Baldwin Insurance Group, Inc. reported significant financial developments in its latest 10-Q filing for the quarter ending March 31, 2026. The company generated total revenues of $532.2 million, a 29% increase from $413.4 million in the same period last year. This growth was primarily driven by a 31% rise in core commissions and fees, which reached $498.9 million, bolstered by contributions from recent partnerships. However, Baldwin recorded an operating loss of $101.3 million, a stark contrast to the operating income of $56.0 million reported in the prior year, largely due to increased operating expenses that surged by 77% to $633.5 million.
The company's operational metrics reflected substantial changes compared to the previous fiscal period. Baldwin's colleague compensation and benefits expenses rose by 43% to $283.6 million, driven by the integration of new partnerships and overall business growth. Other operating expenses also saw a dramatic increase, primarily due to a $128.8 million rise in Tax Receivable Agreement expenses, which were previously unrecorded. The net income attributable to Baldwin was $2.3 million, down from $13.9 million in the prior year, indicating the impact of higher costs associated with recent acquisitions.

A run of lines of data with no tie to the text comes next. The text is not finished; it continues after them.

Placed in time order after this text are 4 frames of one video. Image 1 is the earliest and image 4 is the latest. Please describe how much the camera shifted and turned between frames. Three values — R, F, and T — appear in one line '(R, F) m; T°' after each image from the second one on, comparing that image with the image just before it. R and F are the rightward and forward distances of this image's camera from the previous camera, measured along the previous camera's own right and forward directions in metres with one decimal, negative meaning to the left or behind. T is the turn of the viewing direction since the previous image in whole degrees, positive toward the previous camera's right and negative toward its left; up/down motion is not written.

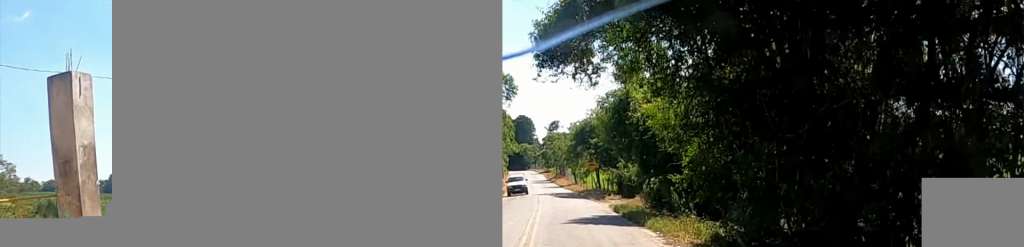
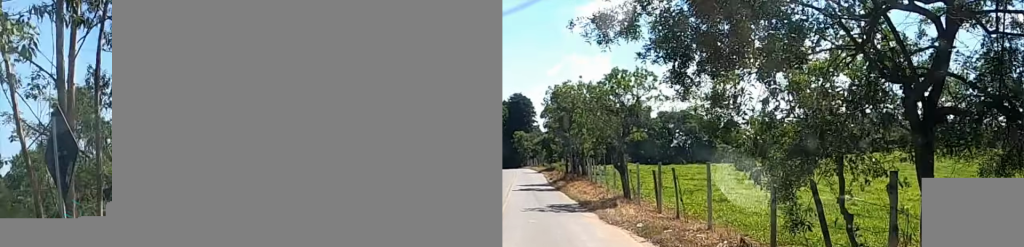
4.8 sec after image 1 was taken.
(-0.8, +42.6) m; -2°
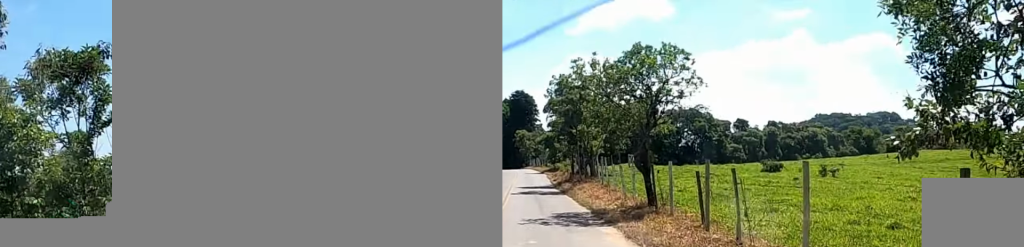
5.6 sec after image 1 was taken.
(+0.3, +6.2) m; +1°
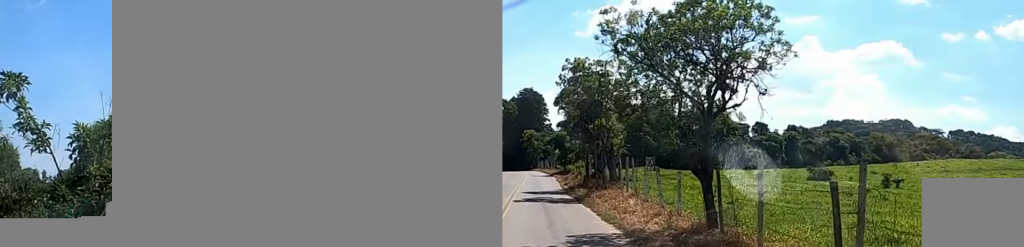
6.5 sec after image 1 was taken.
(-0.4, +9.0) m; -4°

Strategically, Baldwin completed three significant acquisitions during the quarter, totaling approximately $1.6 billion. These included the acquisition of Cobbs Allen Capital Holdings, Creisoft, Inc., and Foley Insurance Agency, which are expected to enhance Baldwin's specialty capabilities and expand its regional presence. The company now serves over three million clients across the U.S. and has increased its employee headcount to approximately 5,000, including new hires from these partnerships.
In terms of operational performance, Baldwin's total assets increased to $5.9 billion as of March 31, 2026, up from $3.9 billion at the end of 2025. The company reported a total of $1.5 billion in stockholders' equity, reflecting a significant increase from $1.1 billion in the previous quarter. Baldwin's liquidity position improved, with cash and cash equivalents rising to $146.4 million, alongside $393 million of available borrowing capacity under its revolving credit facility.
Looking ahead, Baldwin anticipates continued growth driven by its strategic partnerships and geographic expansion. The company aims to leverage its enhanced capabilities in specialty insurance and technology-enabled solutions to capture a larger market share. However, management cautioned that future results may be influenced by various factors, including market conditions and the successful integration of recent acquisitions.
About Baldwin Insurance Group, Inc.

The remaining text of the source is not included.